Wilson and colleagues noted a number of times in their review that many of the trials are small, but they do not dwell on how many, how small or with what implications. We have adopted the lower limit of 35 participants in the smallest group for inclusion of trials in meta-analyses [5]. The rationale is that any trial that is smaller than this does not have a 50% probability of detecting a moderate sized effect, even if it is present. Moreover, small trials are subject to publication bias in that if results are not claimed to be statistically significant, they will not get published with the justification that the trial was insufficiently powered to obtain a significant effect. On the other hand, when significant results are obtained, they are greeted with great enthusiasm precisely because the trials are so small. Small trials, when combined with flexible rules for deciding when to stop a trial (often based on a peek at the data), failure to specify primary outcomes ahead of time, and flexible rules for analyses, can usually be made to yield positive findings that will not replicate. Small studies are vulnerable to outliers and sampling error, and randomization does not necessarily equalize group differences that can prove crucial in determining results. Combining published small trials in a meta-analysis does not overcome these problems, because of publication bias and because of all or many of the trials sharing methodological and reporting problems [6].

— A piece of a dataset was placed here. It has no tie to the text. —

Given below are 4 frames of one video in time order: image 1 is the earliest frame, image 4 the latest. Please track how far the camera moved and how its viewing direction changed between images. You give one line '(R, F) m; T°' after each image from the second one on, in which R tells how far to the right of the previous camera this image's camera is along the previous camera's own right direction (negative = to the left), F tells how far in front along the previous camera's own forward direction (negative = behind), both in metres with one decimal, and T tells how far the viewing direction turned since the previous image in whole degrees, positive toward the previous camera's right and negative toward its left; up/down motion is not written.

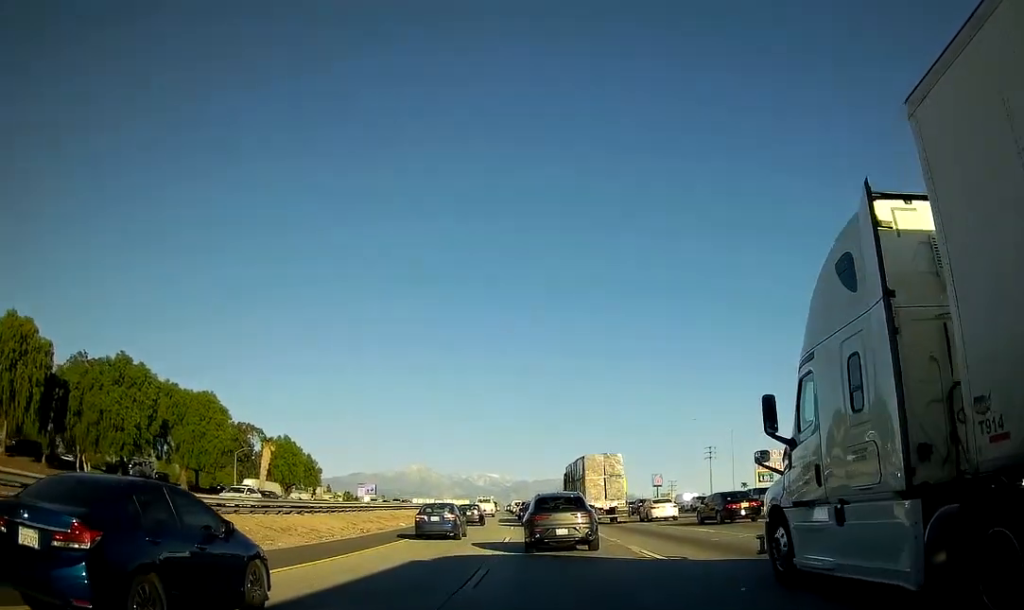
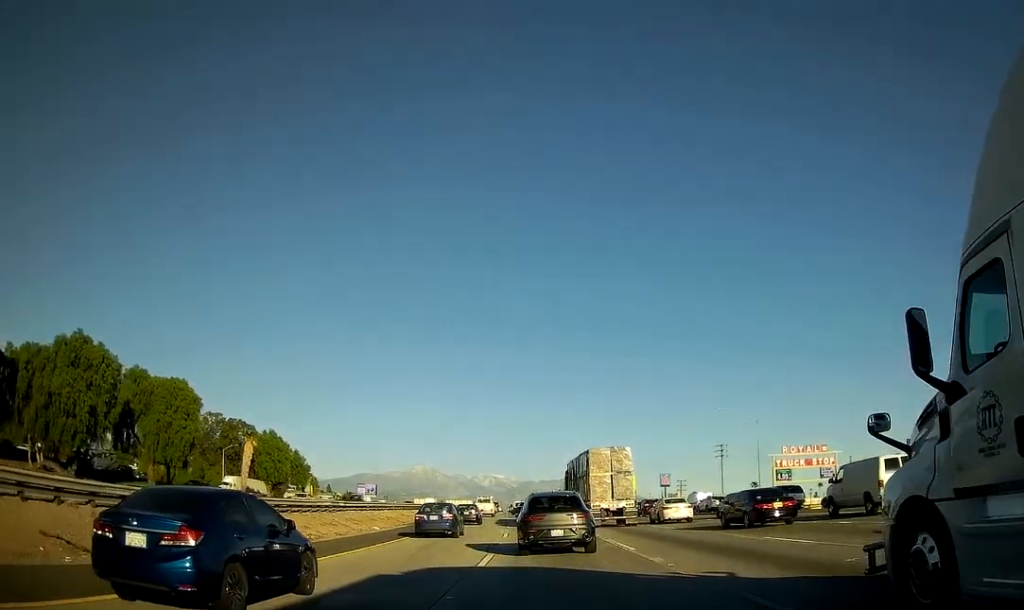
(-0.2, +9.9) m; -1°
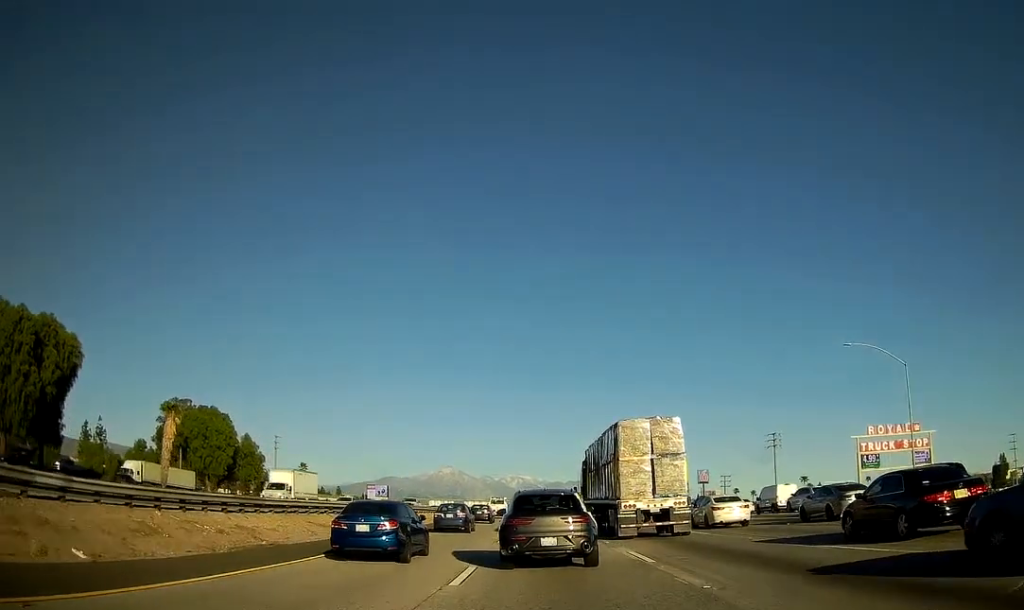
(-0.9, +33.5) m; -2°
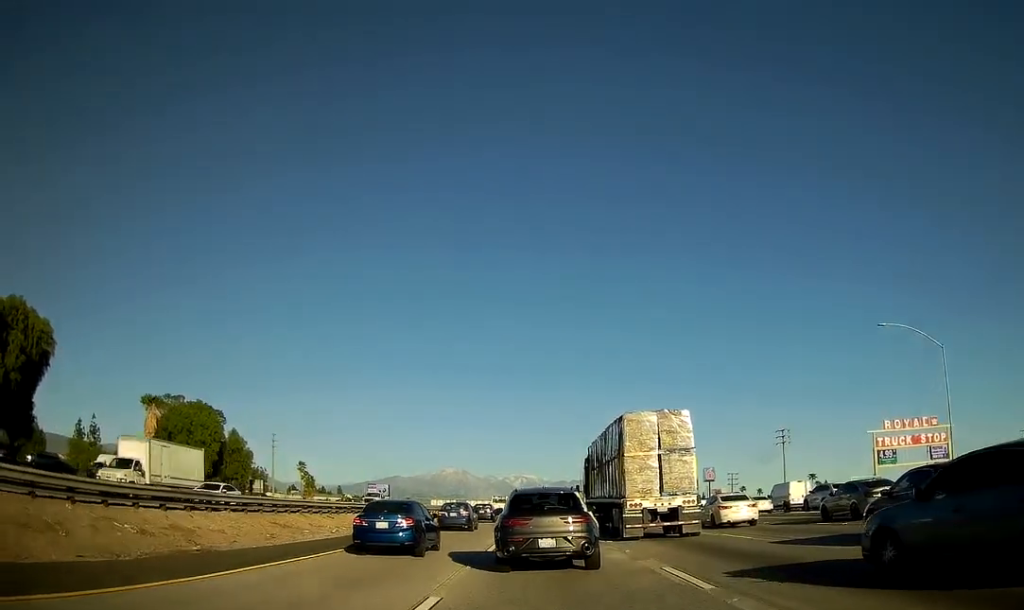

What happens when we apply the exclusion criterion to Triple P trials of less than 35 participants in the smallest group? Looking at Table 2 in Wilson and colleagues' review, we see that 19 of 23 of the individual papers included in the meta-analyses are excluded. Figure 2 in the Wilson et al. review provides the forest plot of effect sizes for two of the key outcome measures reported in Triple P trials. Small trials account for the outlying strongest finding [7], but also the second-weakest finding [8], a likely sampling error from inclusion of small trials. Meta-analyses often attempt to control for the influence of small trials by introducing weights, but this strategy is inadequate when the bulk of the trials are small [9]. Again examining Figure 2, we see that even with the weights, such small trials still add up to over 76% of the contribution to the overall effect size. Of the four trials that are not underpowered [1013], one [10] has a non-significant effect entered into the meta-analysis. In addition, the confidence interval for one of the positive, moderate-sized trials barely excludes zero (.06) [11].

Many of the trials evaluating Triple P were quite small, with eight trials having less than 20 participants (9 to 18) in the smallest group. This is grossly inadequate to achieve the benefits of randomization and such trials are extremely vulnerable to reclassification or loss to follow-up or missing data from one or two participants. Moreover, we are given no indication how the investigators settled on an intervention or control group this small. Certainly it could not have been decided on the basis of an a priori power analysis, raising concerns of data snooping [14] having occurred. The consistently positive findings reported in the abstracts of such small studies raise further suspicions that investigators have manipulated results by hypothesizing after the results are known (harking) [15], cherry-picking and other inappropriate strategies for handling and reporting data [16]. Such small trials are statistically quite unlikely to detect even a moderate-sized effect, and that so many nonetheless get significant findings attests to a publication bias or obligatory replication [17] being enforced at some points in the publication process.

Many communities and charities are proceeding with ambitious and costly implementations of Triple P-Parenting programs with the expectation that this will lead to the alleviation of social and public health problems associated with poor parenting. Wilson and colleagues highlighted the inadequacy of the existing clinical trial data. Adding to that the dominance of biased positive reporting of underpowered trials, it becomes incumbent upon clinicians and policymakers to adequately monitor the implementation of Triple P and evaluation of clinical outcomes to ensure that scarce resources are not squandered.